Provided entries:
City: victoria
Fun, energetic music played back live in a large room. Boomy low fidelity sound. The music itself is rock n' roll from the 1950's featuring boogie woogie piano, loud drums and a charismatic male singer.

==

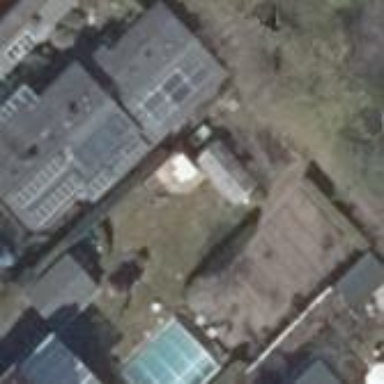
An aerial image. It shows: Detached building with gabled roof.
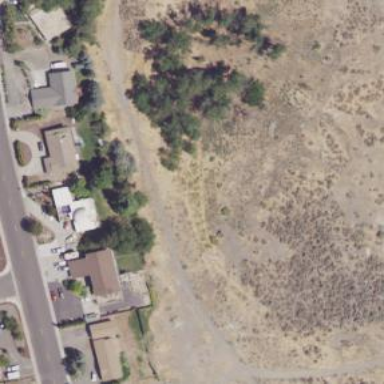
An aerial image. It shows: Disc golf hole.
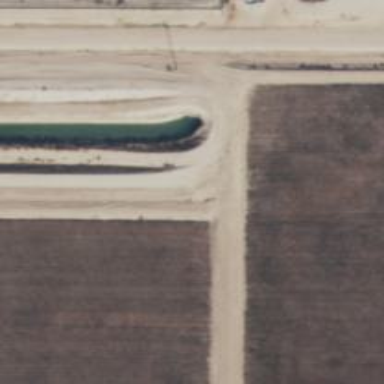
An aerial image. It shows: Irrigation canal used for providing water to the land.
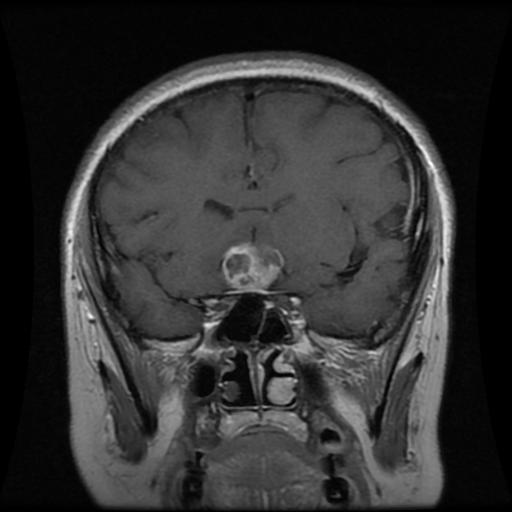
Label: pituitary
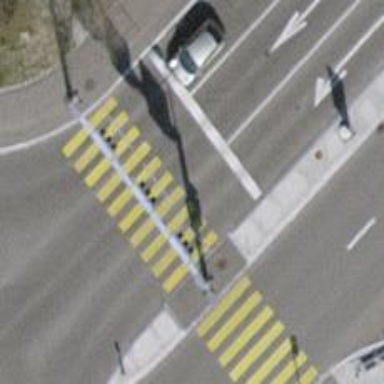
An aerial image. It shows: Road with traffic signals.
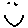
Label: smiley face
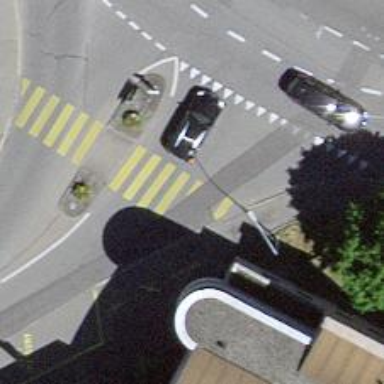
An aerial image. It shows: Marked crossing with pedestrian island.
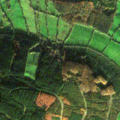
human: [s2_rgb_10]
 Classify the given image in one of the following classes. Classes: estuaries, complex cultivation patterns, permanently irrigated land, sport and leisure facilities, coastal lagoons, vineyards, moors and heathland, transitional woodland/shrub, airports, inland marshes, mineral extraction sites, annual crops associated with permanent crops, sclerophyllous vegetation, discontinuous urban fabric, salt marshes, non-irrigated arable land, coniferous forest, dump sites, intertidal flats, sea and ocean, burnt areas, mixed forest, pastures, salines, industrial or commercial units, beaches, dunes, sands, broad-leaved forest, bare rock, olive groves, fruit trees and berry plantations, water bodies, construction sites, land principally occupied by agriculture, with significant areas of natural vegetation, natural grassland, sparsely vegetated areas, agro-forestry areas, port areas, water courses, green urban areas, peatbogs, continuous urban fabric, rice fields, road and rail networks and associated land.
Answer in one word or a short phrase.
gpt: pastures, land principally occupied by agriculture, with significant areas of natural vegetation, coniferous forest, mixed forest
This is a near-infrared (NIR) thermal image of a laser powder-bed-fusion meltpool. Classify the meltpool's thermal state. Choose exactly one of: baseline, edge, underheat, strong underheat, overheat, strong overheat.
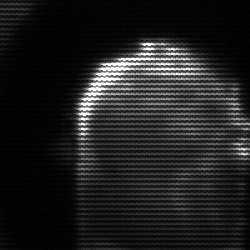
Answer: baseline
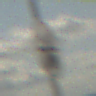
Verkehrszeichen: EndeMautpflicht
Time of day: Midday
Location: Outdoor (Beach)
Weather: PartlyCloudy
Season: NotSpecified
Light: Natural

Activity: Range to copy from the records above: the line containing "Classify the given" to the line containing "Light: Natural", both included. Output those lines exactly and only those, skipping pictures.

Answer box:
 Classify the given image in one of the following classes. Classes: estuaries, complex cultivation patterns, permanently irrigated land, sport and leisure facilities, coastal lagoons, vineyards, moors and heathland, transitional woodland/shrub, airports, inland marshes, mineral extraction sites, annual crops associated with permanent crops, sclerophyllous vegetation, discontinuous urban fabric, salt marshes, non-irrigated arable land, coniferous forest, dump sites, intertidal flats, sea and ocean, burnt areas, mixed forest, pastures, salines, industrial or commercial units, beaches, dunes, sands, broad-leaved forest, bare rock, olive groves, fruit trees and berry plantations, water bodies, construction sites, land principally occupied by agriculture, with significant areas of natural vegetation, natural grassland, sparsely vegetated areas, agro-forestry areas, port areas, water courses, green urban areas, peatbogs, continuous urban fabric, rice fields, road and rail networks and associated land.
Answer in one word or a short phrase.
gpt: pastures, land principally occupied by agriculture, with significant areas of natural vegetation, coniferous forest, mixed forest
This is a near-infrared (NIR) thermal image of a laser powder-bed-fusion meltpool. Classify the meltpool's thermal state. Choose exactly one of: baseline, edge, underheat, strong underheat, overheat, strong overheat.
Answer: baseline
Verkehrszeichen: EndeMautpflicht
Time of day: Midday
Location: Outdoor (Beach)
Weather: PartlyCloudy
Season: NotSpecified
Light: Natural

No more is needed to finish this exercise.